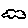
Label: cloud
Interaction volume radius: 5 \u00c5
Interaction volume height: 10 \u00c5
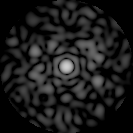
Disorder parameter: 0.8143
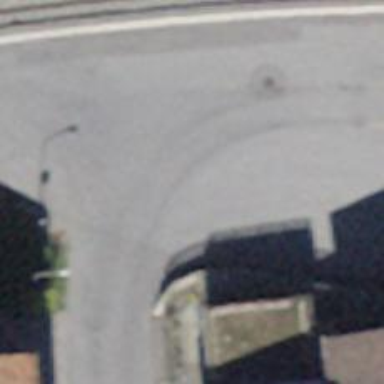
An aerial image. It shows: Residential road with asphalt surface.
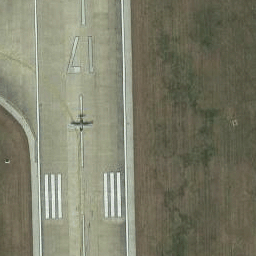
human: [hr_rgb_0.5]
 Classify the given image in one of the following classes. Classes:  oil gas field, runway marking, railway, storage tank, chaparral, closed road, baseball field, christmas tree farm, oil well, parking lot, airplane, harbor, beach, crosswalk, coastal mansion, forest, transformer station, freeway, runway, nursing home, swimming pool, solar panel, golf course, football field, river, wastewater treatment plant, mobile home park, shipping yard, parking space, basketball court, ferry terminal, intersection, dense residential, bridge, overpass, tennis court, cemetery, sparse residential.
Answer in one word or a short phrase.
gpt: runway
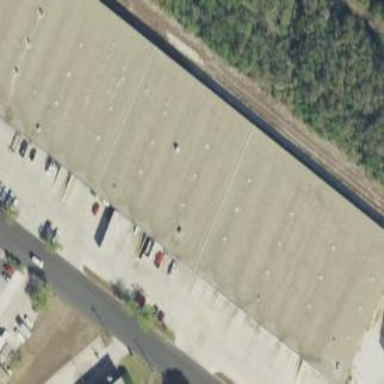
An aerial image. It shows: Warehouse.
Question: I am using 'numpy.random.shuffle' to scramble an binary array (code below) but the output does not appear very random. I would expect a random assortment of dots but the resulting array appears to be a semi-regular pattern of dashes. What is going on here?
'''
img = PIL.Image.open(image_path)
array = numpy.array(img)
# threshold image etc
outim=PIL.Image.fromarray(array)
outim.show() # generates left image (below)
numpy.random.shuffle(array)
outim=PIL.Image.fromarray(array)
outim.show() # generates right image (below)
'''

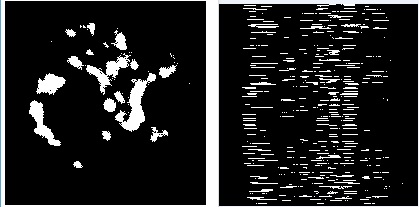
Answer: You have shuffled the rows but not the columns. <URL> reorders its input along the first dimension only.
To shuffle the entire thing, try
'''
shape = array.shape
array = array.flatten()
numpy.random.shuffle(array)
array = array.reshape(shape)
'''
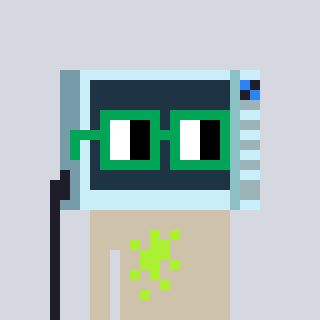
a pixel art character with square green glasses, a microwave-shaped head and a bege-colored body on a cool background
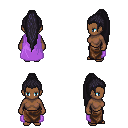
a pixel art fantasy rpg character, female body template, human, dark skin, lavender cape, robe skirt, raven extra-long topknot hairstyle, four views (front, back, left, right), 2x2 character sprite sheet, small pixel art, hard edges, no anti-aliasing
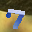
Label: 7
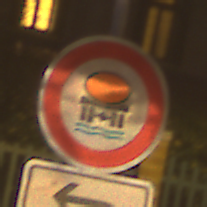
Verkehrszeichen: VerbotFahrzeugeWassergefaehrdenderLadung
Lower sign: RichtungsangabeDurchPfeile2
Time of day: Night
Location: Outdoor (Urban)
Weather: Clear
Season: NotSpecified
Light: Artificial
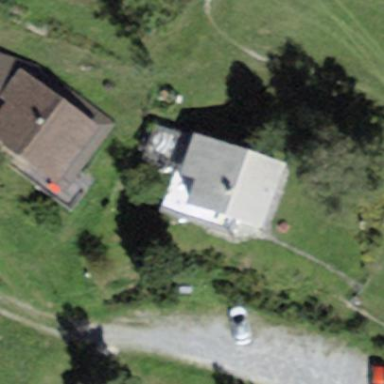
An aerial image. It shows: Detached building.
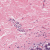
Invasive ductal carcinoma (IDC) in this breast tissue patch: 0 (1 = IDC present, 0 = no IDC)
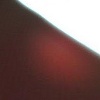
Label: sunburn
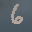
Label: 6
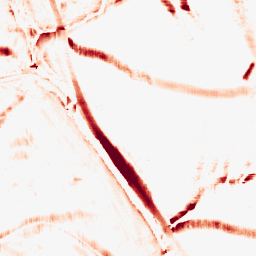
Category: morphological
Decomposition family: morphological_square
Decomposition parameters: operation: opening
size: 15
Upsampling method: sinc_hamming
Upsampling parameters: scale: 8
kernel_size: 16
Upsampling scale: 8
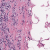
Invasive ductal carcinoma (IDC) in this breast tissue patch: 0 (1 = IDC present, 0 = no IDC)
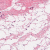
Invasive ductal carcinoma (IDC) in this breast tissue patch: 0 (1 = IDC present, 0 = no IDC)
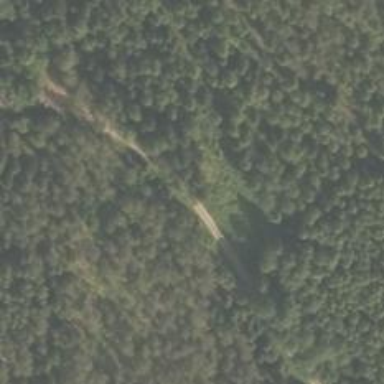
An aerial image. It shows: Track road with grade3 tracktype suitable for nordic skiing.
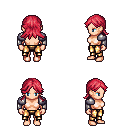
a pixel art fantasy rpg character, female body template, human, light skin, steel arm armor, gold greaves, ruby red loose hair, four views (front, back, left, right), 2x2 character sprite sheet, small pixel art, hard edges, no anti-aliasing
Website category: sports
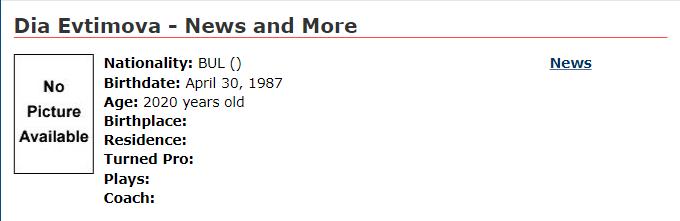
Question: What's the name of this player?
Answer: Dia Evtimova

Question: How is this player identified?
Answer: Dia Evtimova

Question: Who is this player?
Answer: Dia Evtimova

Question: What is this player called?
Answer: Dia Evtimova

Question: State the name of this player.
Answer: Dia Evtimova

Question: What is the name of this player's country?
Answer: BUL

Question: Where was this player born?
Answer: BUL

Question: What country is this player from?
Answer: BUL

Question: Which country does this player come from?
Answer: BUL

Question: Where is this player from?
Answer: BUL

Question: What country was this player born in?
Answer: BUL

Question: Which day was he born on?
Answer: April 30, 1987

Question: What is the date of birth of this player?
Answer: April 30, 1987

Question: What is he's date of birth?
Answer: April 30, 1987

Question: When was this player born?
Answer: April 30, 1987

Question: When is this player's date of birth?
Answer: April 30, 1987

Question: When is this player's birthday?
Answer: April 30, 1987

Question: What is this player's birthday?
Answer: April 30, 1987

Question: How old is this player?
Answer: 2020 years old

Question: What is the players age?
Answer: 2020 years old

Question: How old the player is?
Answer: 2020 years old

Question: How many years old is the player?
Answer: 2020 years old
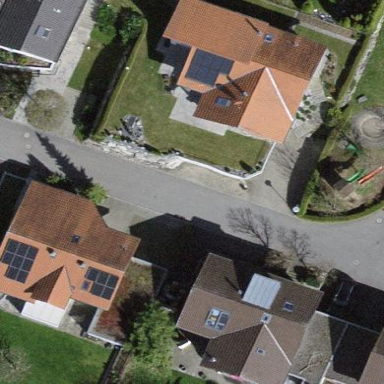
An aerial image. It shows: Simple and straightforward house.
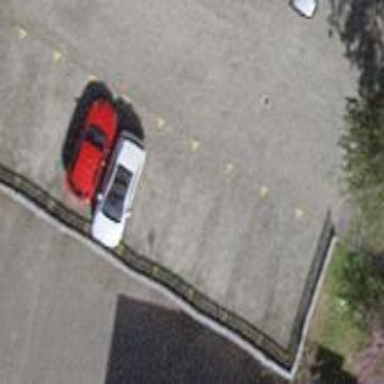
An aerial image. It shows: Parking area with surface.
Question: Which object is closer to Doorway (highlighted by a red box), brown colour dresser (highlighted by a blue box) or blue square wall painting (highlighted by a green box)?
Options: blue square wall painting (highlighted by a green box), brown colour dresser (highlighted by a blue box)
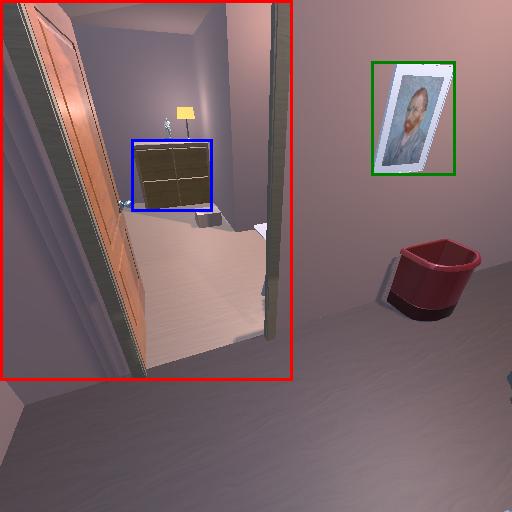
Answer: blue square wall painting (highlighted by a green box)
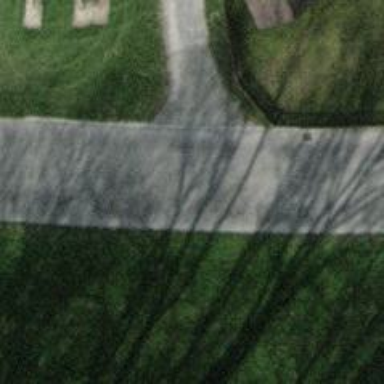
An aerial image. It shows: Unclassified road with paved surface.
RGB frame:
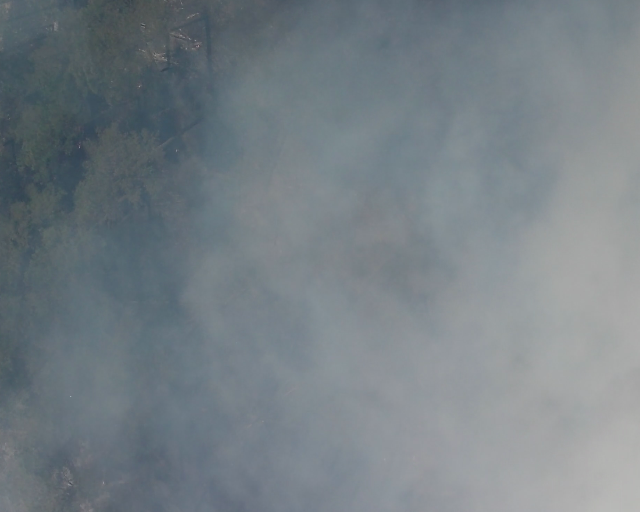
Thermal frame:
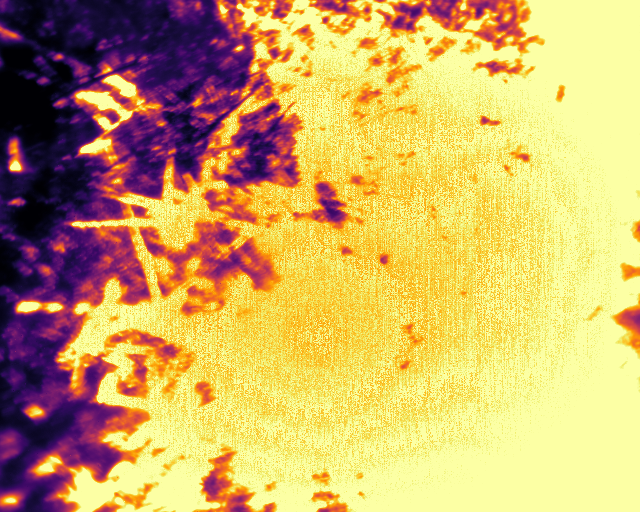
Captured: 2026-02-27 02:39:45
Pixels at or above 80 °C: 281809 (fraction of frame: 0.86)
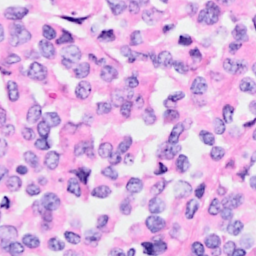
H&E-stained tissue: Breast
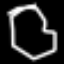
Label: octagon
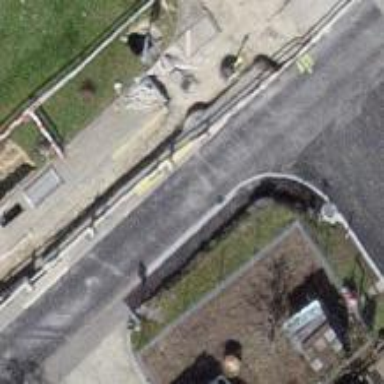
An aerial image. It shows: Uncontrolled zebra crossing with yellow markings on the road.
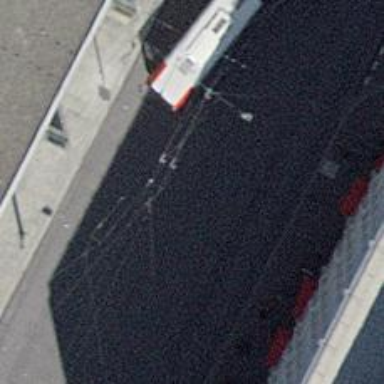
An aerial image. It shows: Bus stop for trolleybuses with designated stop position for public transport.
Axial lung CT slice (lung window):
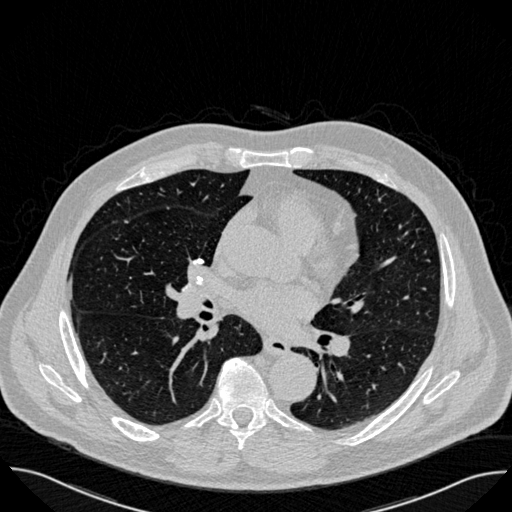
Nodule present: no
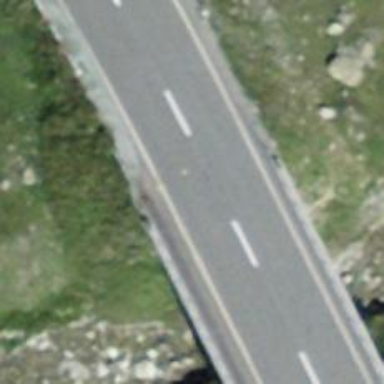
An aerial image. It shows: Primary highway bridge with asphalt surface and no sidewalk.
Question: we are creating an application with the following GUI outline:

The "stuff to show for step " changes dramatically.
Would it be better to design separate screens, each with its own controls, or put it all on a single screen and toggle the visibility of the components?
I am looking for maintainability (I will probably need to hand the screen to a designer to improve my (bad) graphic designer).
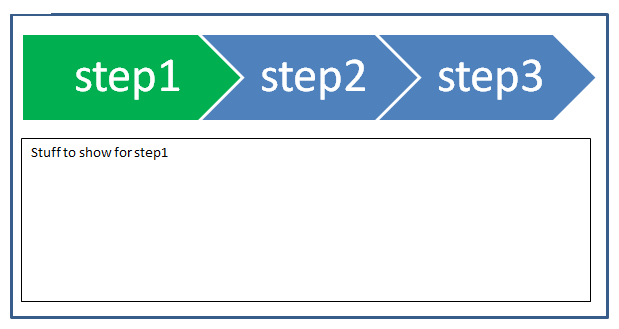
Answer: In my opinion it is better to have separate screen if only for maintainability. Separate screens will allow each step to evolve independently form the other with minimal dependencies as well as different people to work concurrently on the design and development of the different screens
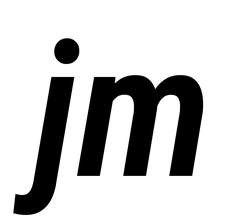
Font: Roboto-Italic_Condensed_SemiBold_Italic
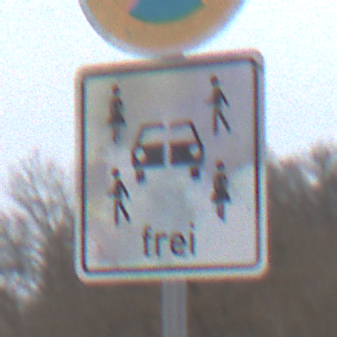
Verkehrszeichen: CarsharingfahrzeugeFrei
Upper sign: AbsolutesHalteverbot
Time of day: MorningAfternoon
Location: Outdoor (Suburban)
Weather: Overcast
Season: NotSpecified
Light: Natural
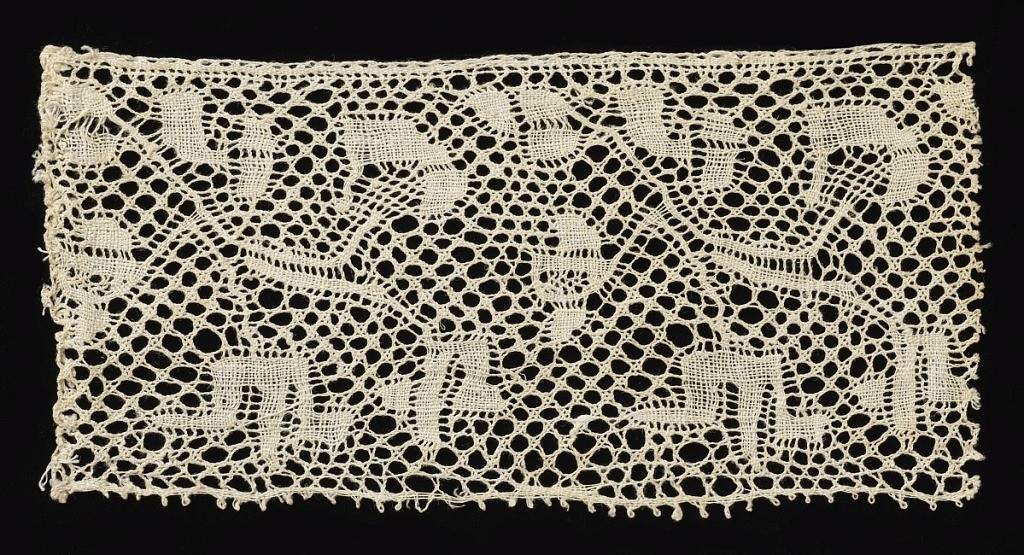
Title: Fragment
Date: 17th century
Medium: linen Technique: bobbin lace (Binche style with Binche ground)
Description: Binche-style fragment with a conventionalized tulip design. Cinq trous ground and straight edges.

= What you have to do =
A clean copy is needed of the lines in the listing above from the one with "An aerial image. It shows: Residential" through the one with "gpt: runway", exact in every word and free of pictures.

= Solution =
An aerial image. It shows: Residential road with asphalt surface.
human: [hr_rgb_0.5]
 Classify the given image in one of the following classes. Classes:  oil gas field, runway marking, railway, storage tank, chaparral, closed road, baseball field, christmas tree farm, oil well, parking lot, airplane, harbor, beach, crosswalk, coastal mansion, forest, transformer station, freeway, runway, nursing home, swimming pool, solar panel, golf course, football field, river, wastewater treatment plant, mobile home park, shipping yard, parking space, basketball court, ferry terminal, intersection, dense residential, bridge, overpass, tennis court, cemetery, sparse residential.
Answer in one word or a short phrase.
gpt: runway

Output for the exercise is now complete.